» **Problem**
Output the data word for word, dropping every image.

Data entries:
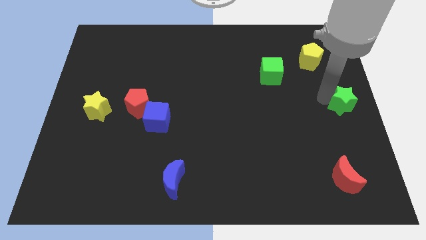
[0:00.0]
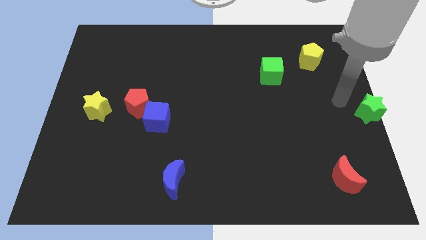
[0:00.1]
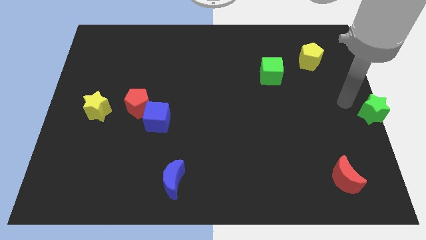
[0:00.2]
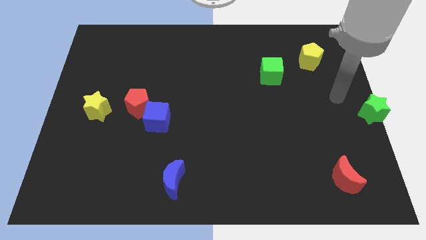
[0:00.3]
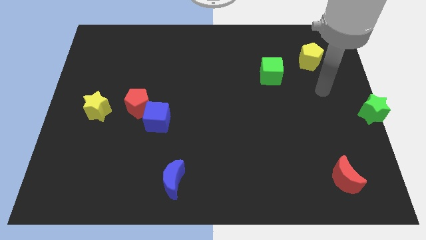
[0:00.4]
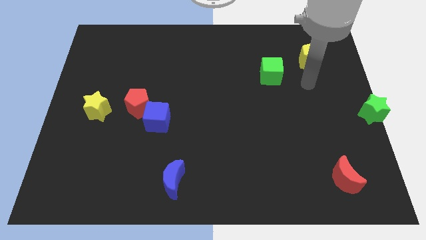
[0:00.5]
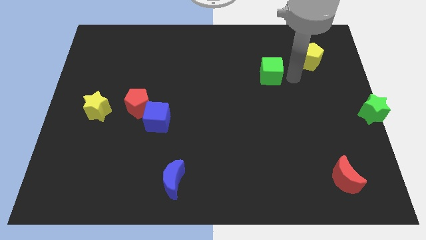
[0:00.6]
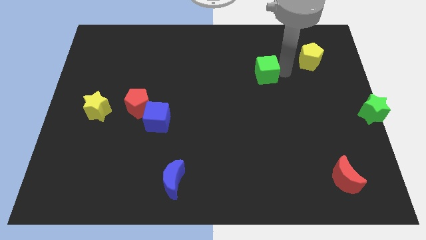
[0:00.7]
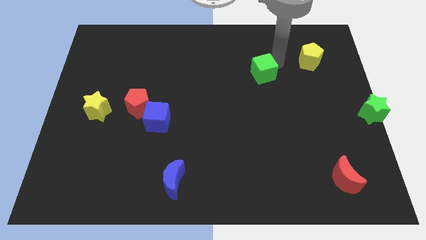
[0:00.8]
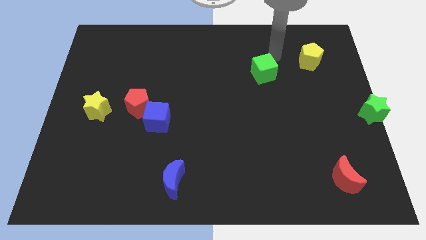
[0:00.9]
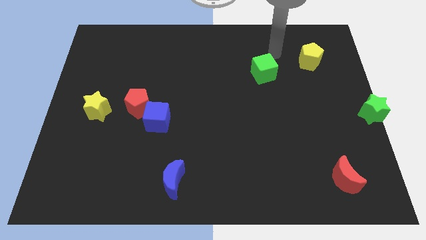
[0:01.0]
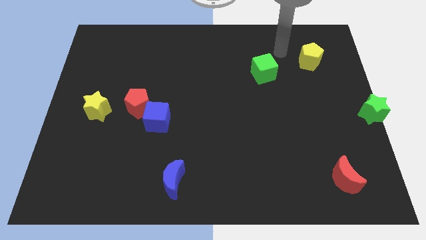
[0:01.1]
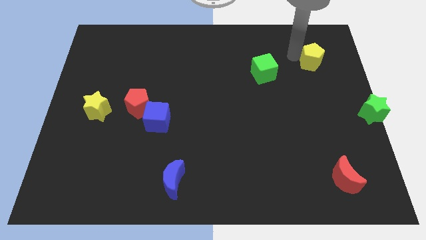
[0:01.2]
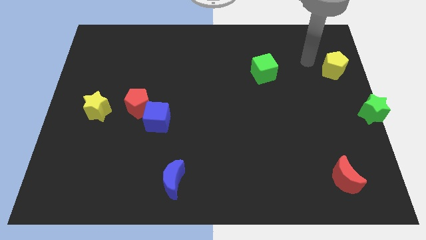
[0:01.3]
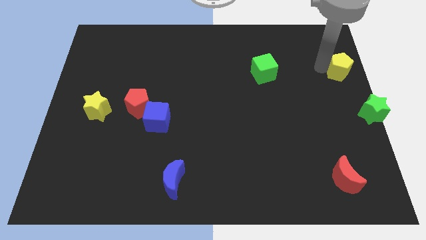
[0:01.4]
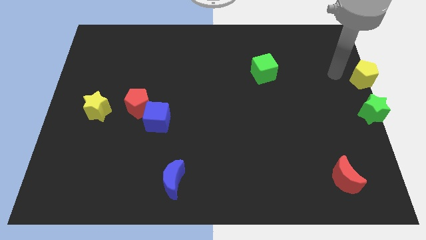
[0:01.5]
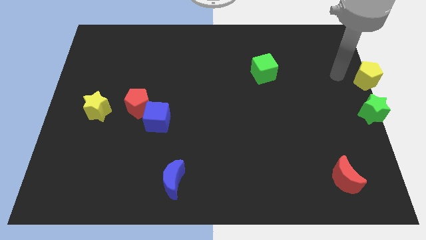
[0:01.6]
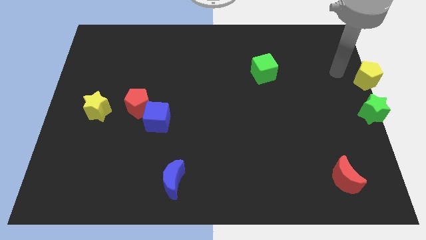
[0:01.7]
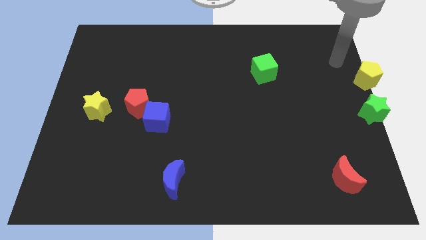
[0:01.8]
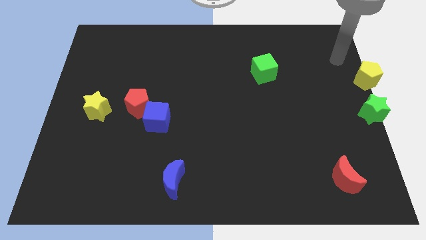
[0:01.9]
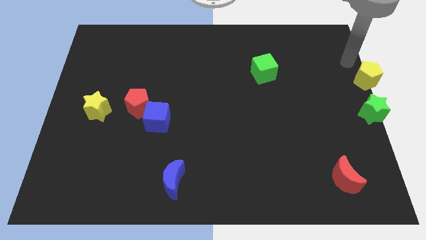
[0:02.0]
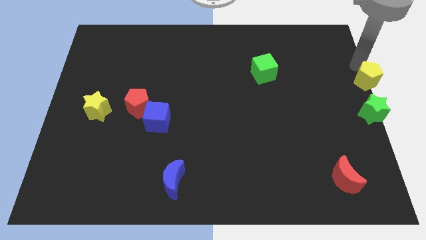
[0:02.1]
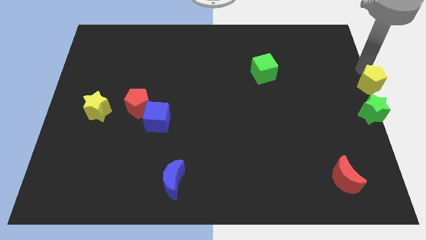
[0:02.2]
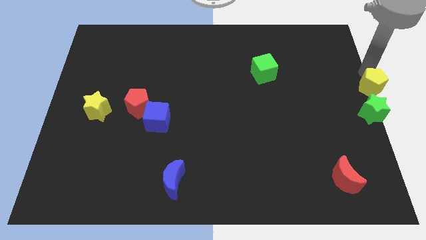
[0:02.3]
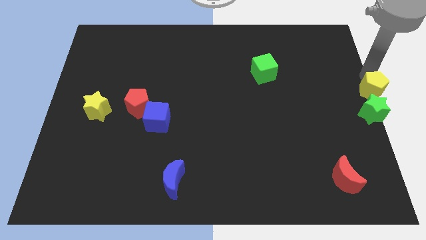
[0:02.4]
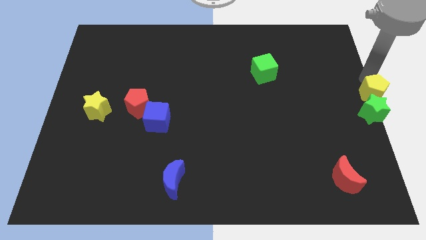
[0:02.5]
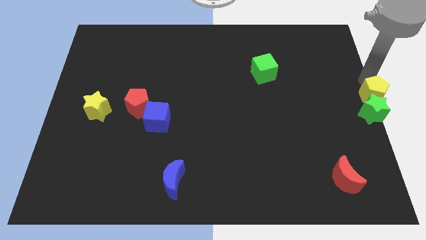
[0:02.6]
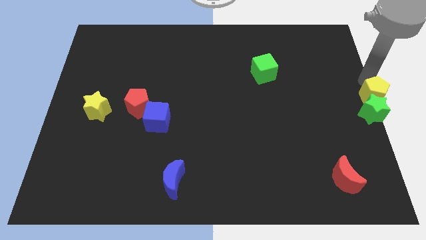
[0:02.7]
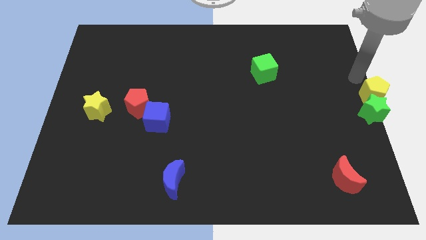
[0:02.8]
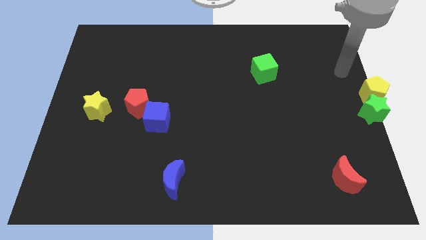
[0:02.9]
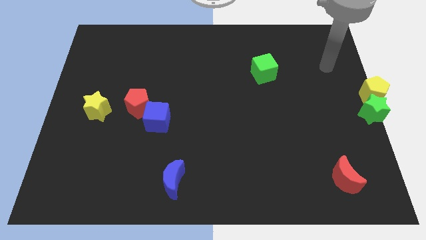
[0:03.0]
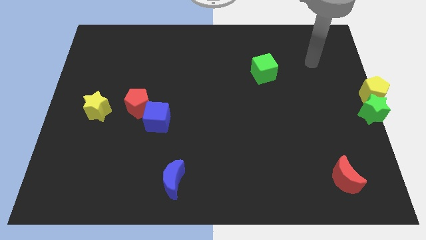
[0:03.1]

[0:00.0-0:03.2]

» **Task response**
[0:00.0]
[0:00.1]
[0:00.2]
[0:00.3]
[0:00.4]
[0:00.5]
[0:00.6]
[0:00.7]
[0:00.8]
[0:00.9]
[0:01.0]
[0:01.1]
[0:01.2]
[0:01.3]
[0:01.4]
[0:01.5]
[0:01.6]
[0:01.7]
[0:01.8]
[0:01.9]
[0:02.0]
[0:02.1]
[0:02.2]
[0:02.3]
[0:02.4]
[0:02.5]
[0:02.6]
[0:02.7]
[0:02.8]
[0:02.9]
[0:03.0]
[0:03.1]

[0:00.0-0:03.2]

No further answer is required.